Small org which has been using Office 365 Business Premium for a year. Was previously able to join (not register) new Win 10 Pro desktops to Azure AD. Following upgrade to Microsoft 365 Business, device join now fails.
-----
Details:
1. Set up new desktops with local admin user (not built-in administrator account)
2. Settings > Access work or school > Connect > Join this device to Azure Active Directory > enter domain admin full address (with @company.com)
3. "Looks like we can't connect to the URL for your organization's MDM terms of use."
Error: invalid_client
description: failed to authenticate user
Environment: Local AD domain with Server 2012 R2 that synchronizes users with Azure AD using Azure AD Connect (latest version 1.2.70.0). New desktops are not joined to local domain - joined to Azure AD only. Have not changed or used either MDM or Intune
settings on Azure admin. Slowly migrating to Azure-focused environment.

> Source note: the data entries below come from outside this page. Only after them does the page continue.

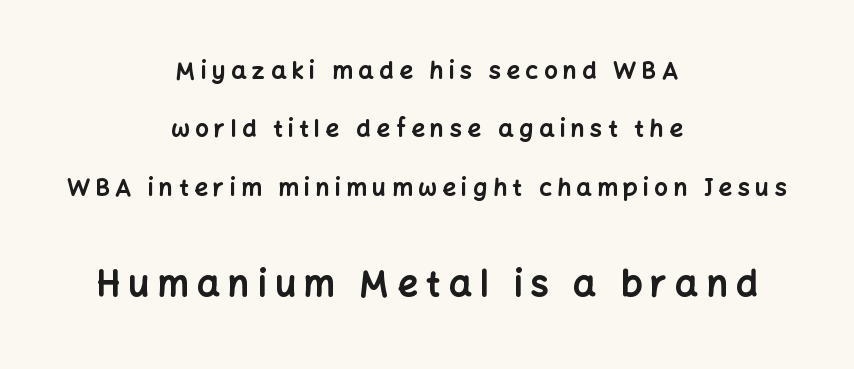
The image shows 36 px bold sans-serif type, upright; set centered, loose line spacing (2.43x), unusually wide letter spacing (+0.23 em), not underlined; the second (bottom) block is 1.5x larger; low stroke contrast and a medium x-height.
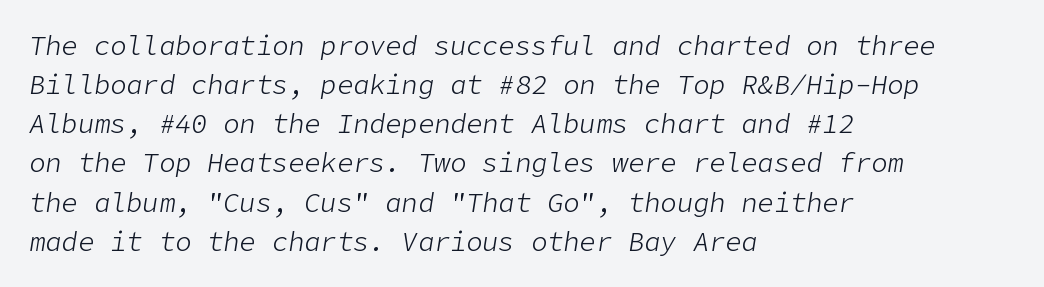
Italic? Definitely — the glyphs are oblique. The words here are not underlined. A typesetter would call this zero additional tracking. The font sits on the lighter half of the weight spectrum, regular included.
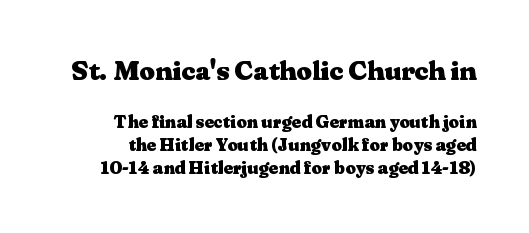
Q: Is the text bold? A: Yes.
Q: Is the text italic (slanted)? A: No, it is upright.
Q: Is the text underlined? A: No.
Q: Is the spacing between letters normal or unusually wide? A: Normal.
Q: Is the spacing between lines tight, normal or loose? A: Normal.
Q: Which block of text is set in a larger size, the first (top) or the second (bottom)? A: The first (top) one.

Verified: Azure AD > Devices > Device Settings > Users may join devices to Azure AD > All
Auto enrollment is not enabled, as this is not available for Microsoft 365 Business.
Troubleshooting attempted:
1. Removed DNS CNAME entries for EnterpriseEnrollment and EnterpriseRegistration
result: no change, so added CNAME entries back in.
CNAMEs validated with Device enrollment > Windows enrollment > CNAME Validation.
2. Created new Global Admin user in Azure AD.
result: Used to initiate Azure AD join. Join process noted that this was a new user and successfully performed password update. Proceeded to join process and failed with same error.
Not yet attempted:
1. Downgrade Microsoft 365 Business to Office 365 Business Premium (not sure this is possible)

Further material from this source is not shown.